With the pictures left out, write out the records verbatim.

Dataset records
_ _ _

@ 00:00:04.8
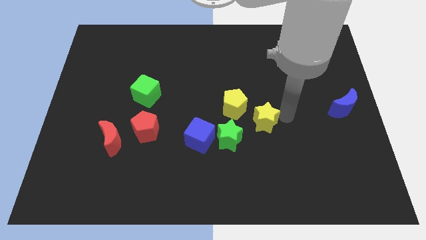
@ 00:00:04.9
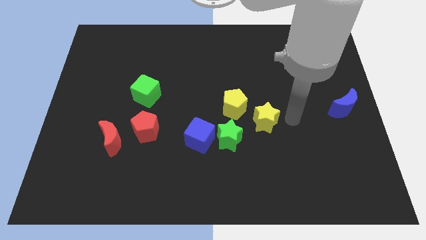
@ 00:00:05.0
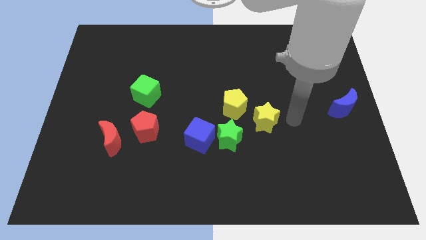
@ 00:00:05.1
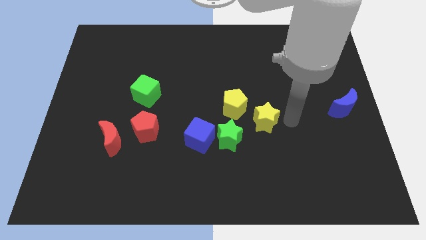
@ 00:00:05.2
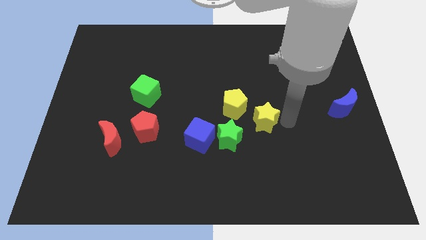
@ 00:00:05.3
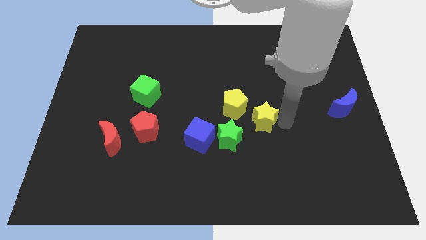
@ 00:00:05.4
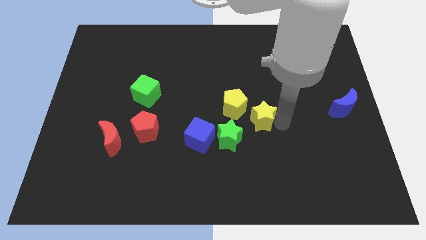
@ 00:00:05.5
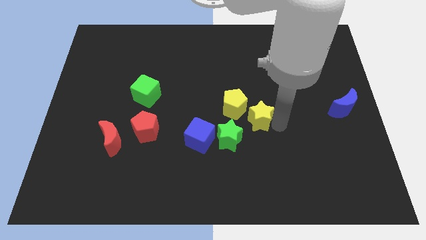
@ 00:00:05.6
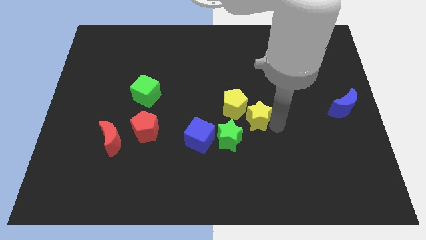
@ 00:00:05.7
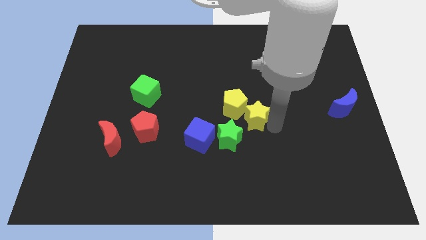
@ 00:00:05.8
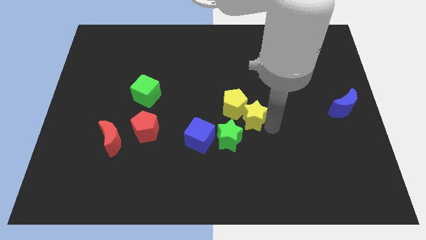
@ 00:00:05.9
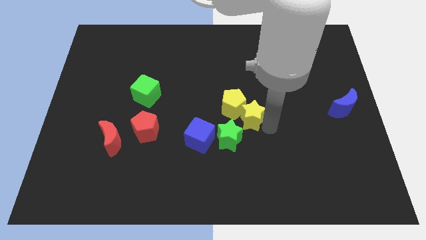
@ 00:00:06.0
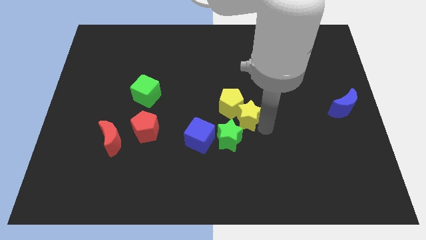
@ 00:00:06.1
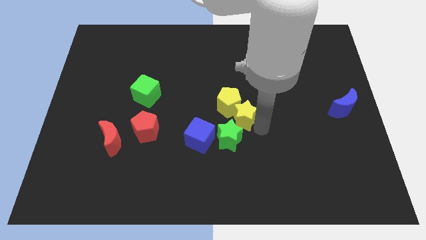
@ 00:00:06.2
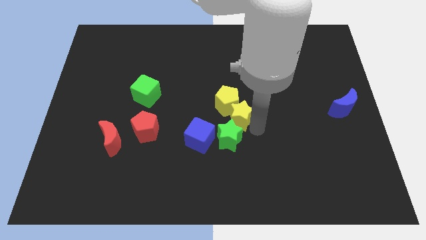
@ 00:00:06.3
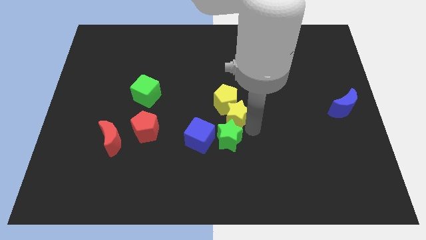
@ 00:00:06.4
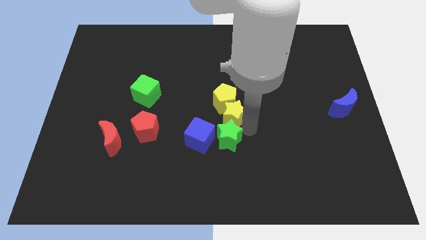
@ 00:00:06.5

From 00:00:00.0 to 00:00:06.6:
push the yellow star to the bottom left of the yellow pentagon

_ _ _

# ANSWER SPACE
@ 00:00:04.8
@ 00:00:04.9
@ 00:00:05.0
@ 00:00:05.1
@ 00:00:05.2
@ 00:00:05.3
@ 00:00:05.4
@ 00:00:05.5
@ 00:00:05.6
@ 00:00:05.7
@ 00:00:05.8
@ 00:00:05.9
@ 00:00:06.0
@ 00:00:06.1
@ 00:00:06.2
@ 00:00:06.3
@ 00:00:06.4
@ 00:00:06.5

From 00:00:00.0 to 00:00:06.6:
push the yellow star to the bottom left of the yellow pentagon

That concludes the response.